In living patients, the identity of a microorganism in blood culture (a normally sterile site; NSS) is an independent predictor of primary significance. For example, in cases of true bacteraemia/fungaemia the finding of Staphylococcus aureus, Streptococcus pneumoniae, Streptococcus pyogenes, Streptococcus agalactiae, coliforms (Escherichia coli and other Enterobacteriaceae), Pseudomonas aeruginosa, Haemophilus influenzae, Neisseria meningitidis, Neisseria gonorrhoeae, Listeria monocytogenes, Bacteroides spp, Candida spp and Cryptococcus neoformans nearly always (>90%) represent true infection. By contrast, there has been a reluctance to accept that the same is true in patients after death. Arguments abound that such organisms have translocated from mucosal or intestinal sites or are the result of contamination during the autopsy. All may be true but it is apparent that these events are relatively rare in cases where autopsies have been performed and bodies have been kept under appropriate conditions.1 The finding of a pathogen in a NSS such as the blood, spleen or cerebrospinal fluid (CSF) has often been overlooked as a cause of death.

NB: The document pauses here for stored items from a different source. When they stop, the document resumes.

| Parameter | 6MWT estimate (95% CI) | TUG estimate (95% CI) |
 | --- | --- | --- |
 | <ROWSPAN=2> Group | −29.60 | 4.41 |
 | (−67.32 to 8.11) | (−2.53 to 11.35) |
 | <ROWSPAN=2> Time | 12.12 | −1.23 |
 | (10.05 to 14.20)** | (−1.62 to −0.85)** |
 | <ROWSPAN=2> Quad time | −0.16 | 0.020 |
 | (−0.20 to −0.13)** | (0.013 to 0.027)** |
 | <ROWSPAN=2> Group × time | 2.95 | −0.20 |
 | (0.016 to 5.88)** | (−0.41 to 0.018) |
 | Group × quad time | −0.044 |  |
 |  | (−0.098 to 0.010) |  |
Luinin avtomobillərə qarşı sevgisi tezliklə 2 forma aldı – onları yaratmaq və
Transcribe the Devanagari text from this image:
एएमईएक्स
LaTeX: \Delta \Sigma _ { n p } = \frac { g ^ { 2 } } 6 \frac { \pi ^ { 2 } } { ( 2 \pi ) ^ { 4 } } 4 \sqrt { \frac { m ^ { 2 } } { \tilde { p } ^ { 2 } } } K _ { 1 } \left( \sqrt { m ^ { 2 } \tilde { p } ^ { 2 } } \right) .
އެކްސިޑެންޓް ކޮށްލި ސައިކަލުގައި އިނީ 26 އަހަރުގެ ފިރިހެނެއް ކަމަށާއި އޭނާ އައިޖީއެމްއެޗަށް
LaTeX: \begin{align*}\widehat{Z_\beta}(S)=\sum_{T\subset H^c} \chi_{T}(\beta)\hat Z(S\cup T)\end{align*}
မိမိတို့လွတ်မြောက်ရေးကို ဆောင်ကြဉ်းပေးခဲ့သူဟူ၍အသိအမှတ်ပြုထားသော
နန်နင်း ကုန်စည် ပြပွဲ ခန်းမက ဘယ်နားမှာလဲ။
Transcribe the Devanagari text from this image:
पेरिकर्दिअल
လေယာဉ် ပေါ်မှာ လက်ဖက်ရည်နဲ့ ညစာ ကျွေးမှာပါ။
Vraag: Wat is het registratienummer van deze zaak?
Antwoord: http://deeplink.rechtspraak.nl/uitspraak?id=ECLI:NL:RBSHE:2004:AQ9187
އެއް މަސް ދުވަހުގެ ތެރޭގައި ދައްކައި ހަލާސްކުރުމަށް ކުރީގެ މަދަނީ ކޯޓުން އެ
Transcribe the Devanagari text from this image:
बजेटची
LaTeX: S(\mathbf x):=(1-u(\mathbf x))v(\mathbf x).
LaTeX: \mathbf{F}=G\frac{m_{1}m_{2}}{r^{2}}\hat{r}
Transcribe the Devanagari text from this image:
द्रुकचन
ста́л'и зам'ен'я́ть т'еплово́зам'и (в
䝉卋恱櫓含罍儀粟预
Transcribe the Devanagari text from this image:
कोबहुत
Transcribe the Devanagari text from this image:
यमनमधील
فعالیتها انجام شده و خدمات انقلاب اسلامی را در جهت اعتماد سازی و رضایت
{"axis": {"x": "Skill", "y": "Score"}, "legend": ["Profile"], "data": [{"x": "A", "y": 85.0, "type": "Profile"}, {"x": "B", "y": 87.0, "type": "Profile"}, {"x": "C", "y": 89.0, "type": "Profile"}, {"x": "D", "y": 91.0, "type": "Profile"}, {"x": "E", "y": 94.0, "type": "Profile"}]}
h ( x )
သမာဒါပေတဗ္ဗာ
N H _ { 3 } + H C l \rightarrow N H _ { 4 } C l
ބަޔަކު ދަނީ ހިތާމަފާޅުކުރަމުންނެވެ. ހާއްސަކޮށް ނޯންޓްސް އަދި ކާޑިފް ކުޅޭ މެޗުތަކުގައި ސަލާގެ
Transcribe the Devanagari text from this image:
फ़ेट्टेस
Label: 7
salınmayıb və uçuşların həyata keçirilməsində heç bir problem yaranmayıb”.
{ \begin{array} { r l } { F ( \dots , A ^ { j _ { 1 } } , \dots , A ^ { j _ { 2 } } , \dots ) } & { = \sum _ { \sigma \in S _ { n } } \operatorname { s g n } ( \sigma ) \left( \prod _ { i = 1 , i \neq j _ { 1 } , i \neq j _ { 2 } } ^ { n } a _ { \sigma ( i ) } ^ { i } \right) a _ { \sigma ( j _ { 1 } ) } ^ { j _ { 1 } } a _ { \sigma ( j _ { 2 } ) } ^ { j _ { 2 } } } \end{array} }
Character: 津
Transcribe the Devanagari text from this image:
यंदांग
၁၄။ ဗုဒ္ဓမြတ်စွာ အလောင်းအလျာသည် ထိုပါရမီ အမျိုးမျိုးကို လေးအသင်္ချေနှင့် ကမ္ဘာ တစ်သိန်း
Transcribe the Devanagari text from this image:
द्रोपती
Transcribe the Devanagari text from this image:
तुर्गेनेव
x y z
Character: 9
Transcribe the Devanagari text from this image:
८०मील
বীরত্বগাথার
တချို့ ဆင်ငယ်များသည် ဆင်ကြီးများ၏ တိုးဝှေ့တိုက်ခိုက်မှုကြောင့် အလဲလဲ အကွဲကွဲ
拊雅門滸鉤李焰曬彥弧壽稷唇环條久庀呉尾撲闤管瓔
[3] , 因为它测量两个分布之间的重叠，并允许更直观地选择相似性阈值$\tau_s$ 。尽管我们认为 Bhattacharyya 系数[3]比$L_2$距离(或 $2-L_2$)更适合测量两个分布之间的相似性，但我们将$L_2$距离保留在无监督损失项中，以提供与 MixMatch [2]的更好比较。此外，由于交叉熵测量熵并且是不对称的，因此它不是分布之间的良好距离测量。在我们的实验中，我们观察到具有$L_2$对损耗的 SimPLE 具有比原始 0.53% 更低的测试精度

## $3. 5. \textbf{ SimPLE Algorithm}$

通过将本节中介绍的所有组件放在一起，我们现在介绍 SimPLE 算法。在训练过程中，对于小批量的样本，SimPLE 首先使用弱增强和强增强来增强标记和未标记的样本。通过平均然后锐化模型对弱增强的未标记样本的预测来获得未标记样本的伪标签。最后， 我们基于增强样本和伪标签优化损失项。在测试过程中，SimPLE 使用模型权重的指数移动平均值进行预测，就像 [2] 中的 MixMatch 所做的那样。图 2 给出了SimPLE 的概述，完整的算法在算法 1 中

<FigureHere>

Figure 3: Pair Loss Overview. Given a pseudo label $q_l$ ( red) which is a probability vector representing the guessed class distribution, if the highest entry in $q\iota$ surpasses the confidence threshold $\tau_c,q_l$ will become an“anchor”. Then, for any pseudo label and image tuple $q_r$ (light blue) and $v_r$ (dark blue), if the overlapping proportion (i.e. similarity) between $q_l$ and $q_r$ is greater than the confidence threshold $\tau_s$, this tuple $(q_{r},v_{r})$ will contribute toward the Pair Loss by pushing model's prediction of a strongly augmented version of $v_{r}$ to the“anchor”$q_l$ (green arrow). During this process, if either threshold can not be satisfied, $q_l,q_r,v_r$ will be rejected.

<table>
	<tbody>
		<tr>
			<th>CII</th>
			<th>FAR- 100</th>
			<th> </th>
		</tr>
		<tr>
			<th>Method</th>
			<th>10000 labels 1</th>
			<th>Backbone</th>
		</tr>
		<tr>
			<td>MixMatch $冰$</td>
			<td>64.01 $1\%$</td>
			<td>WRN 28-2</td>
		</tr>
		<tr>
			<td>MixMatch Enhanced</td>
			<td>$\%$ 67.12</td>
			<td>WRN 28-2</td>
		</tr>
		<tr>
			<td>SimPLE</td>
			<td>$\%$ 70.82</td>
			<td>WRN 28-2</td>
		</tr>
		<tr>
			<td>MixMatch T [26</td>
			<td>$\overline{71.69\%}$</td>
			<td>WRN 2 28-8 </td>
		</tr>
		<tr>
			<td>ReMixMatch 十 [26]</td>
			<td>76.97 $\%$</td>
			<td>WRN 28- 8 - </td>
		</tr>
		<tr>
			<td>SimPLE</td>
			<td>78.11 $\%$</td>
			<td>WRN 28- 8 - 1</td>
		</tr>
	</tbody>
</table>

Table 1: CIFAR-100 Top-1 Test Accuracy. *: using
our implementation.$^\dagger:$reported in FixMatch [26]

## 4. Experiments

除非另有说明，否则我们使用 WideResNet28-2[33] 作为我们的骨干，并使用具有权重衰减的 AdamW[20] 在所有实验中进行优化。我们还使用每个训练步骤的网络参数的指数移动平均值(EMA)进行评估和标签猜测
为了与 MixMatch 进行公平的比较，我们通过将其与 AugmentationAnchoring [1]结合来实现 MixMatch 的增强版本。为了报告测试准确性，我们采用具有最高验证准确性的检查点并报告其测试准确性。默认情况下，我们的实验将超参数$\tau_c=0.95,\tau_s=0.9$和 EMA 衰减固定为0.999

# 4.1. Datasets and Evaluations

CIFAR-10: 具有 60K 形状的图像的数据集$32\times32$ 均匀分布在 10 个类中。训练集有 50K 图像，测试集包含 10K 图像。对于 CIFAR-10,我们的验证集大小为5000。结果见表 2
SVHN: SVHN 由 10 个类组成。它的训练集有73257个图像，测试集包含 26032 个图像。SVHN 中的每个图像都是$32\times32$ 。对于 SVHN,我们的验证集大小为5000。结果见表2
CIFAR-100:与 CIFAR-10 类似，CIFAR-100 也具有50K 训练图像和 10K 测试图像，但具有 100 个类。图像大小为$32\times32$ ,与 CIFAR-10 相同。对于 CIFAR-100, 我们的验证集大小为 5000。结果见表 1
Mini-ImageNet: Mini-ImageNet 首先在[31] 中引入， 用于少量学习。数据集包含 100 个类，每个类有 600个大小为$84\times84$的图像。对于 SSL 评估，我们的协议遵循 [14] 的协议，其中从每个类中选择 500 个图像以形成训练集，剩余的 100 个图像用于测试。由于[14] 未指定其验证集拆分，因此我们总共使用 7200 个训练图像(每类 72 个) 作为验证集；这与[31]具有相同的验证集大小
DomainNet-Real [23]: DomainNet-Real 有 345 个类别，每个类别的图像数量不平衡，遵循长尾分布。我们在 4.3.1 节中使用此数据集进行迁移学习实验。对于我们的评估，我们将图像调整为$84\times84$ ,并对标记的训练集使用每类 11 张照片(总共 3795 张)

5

This paper addresses the issue of sterile site bacteriology in SIDS and uses for comparison a group of babies who have died suddenly and unexpectedly by accident or infectious cause. From the data, a guideline is derived to assist in increasing the accuracy of diagnosis in sudden unexpected deaths in infancy (SUDI).

METHODOLOGY

Case definition/criteria

Autopsies were conducted by experienced paediatric pathologists. The definition of SIDS used for the purpose of this study was that developed in 2004.2 Non-SIDS cases comprise the age-matched comparison group (“controls”) who died from a variety of natural (non-SIDS) causes as detailed in table 1.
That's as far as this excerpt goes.